Artigo da principal dinamizadora das Comemorações "8 Séculos de Língua Portuguesa", onde sublinha o que, de facto, se celebrou no dia 27 de junho de 2014 como tem sido repetidamente referido, aqui, no Ciberdúvidas.
As línguas não surgem do nada, num determinado dia e numa hora específica. Obedecem a um continuum temporal, fruto de múltiplas transformações sociais, políticas, económicas, individuais... Sendo um organismo vivo, ela é dinâmica e moldada pelos seus falantes desde a sua génese – momento que é impossível determinar – passando por um longo período de evolução, num processo lento, moroso e complexo, até à sua fixação, continuando sempre a evoluir.
A língua portuguesa não fez 800 anos, em 27 de junho de 2014! Afirmá-lo, é trair o rigor científico.
Nesse dia, foi o Testamento de D. Afonso II que fez 800 anos.
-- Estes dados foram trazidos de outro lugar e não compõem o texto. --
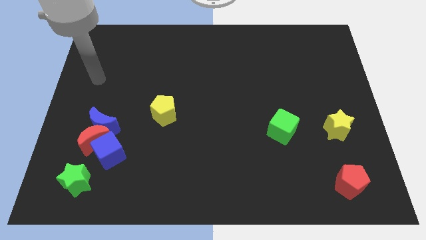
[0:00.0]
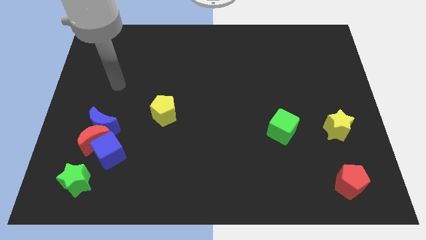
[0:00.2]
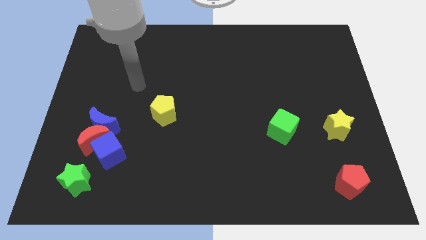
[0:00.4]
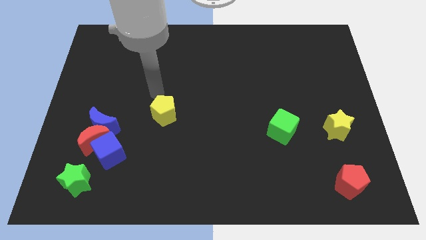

É o ponto de referência mais importante para a Língua Portuguesa enquanto língua escrita, embora não seja o mais antigo.
A língua portuguesa, enquanto língua oral, resulta de uma longa transformação a partir de um conjunto de dialectos (galego-portugueses) do noroeste da Península Ibérica. É, segundo Ivo Castro, um natural processo que se foi autonomizando a partir dos sécs. VI-VII, quando, na antiga província Gallaecia et Asturica, se começam a manifestar alguns fenómenos de mudanças fonéticas que vão descendo para sul e afetando o léxico e consistentemente fixando o que viria a constituir o Português atual. [Cf. Castro, I. (2006). Introdução à História do Português, 2.ª ed. ver. e aum., Lisboa: Ed. Colibri].
Também Paul Teyssier (1915-2002) refere que «a partir de inícios do século XIII surgem documentos inteiramente escritos em “língua vulgar” – testamentos, títulos de venda, foros, etc. Um dos textos mais antigos deste género é o testamento de Afonso II, datado de 1214. D. Dinis dará grande impulso à utilização da “língua vulgar” ao torná-la obrigatória nos documentos oficiais». Mais afirma este autor que é na segunda metade do século XIII que se estabelecem certas tradições gráficas. [Cf. Teyssier, P. (1984). História da Língua Portuguesa, 2ª ed. portuguesa, Lisboa: Livraria Sá da Costa Editora].
Deste modo, a 8 Séculos de Língua Portuguesa – Associação decidiu designar estas Comemorações por "8 Séculos de Língua Portuguesa", tomando como referencial o Testamento de D. Afonso II, mas reportando-se, também, a todos os documentos coevos escritos em língua portuguesa.
É, pois, óbvio que a língua portuguesa não fez 800 anos em 27 de junho de 2014. Não estamos a comemorar a data de nascimento da língua portuguesa, pois esta é impossível de se determinar, estamos a assinalar os 8 séculos do conhecimento dos textos mais antigos redigidos em língua portuguesa, entre os quais se destaca o Testamento de D. Afonso II. Esta escolha afigura-se-nos como uma proposta muito digna para, simbolicamente, congregar os falantes dos quatro continentes, sensibilizando-os para a força que une povos tão diversos, portadores de riquezas culturais ímpares.
E é a propósito dos 800 anos do Testamento de D. Afonso II, que a 8 Séculos da Língua Portuguesa-Associação convida todos os falantes a integrar as Comemorações dos 8 Séculos a Língua Portuguesa e a celebrar esta língua oficial, partilhada por oito países e pela região administrativa de Macau, promovendo iniciativas nesta língua de legados e heranças, afetos e maresia.
Participe nas Comemorações dos 8 Séculos da Língua Portuguesa, promovendo e divulgando a língua portuguesa que, glosando Fernando Pessoa, «é o som presente d'esse mar futuro»!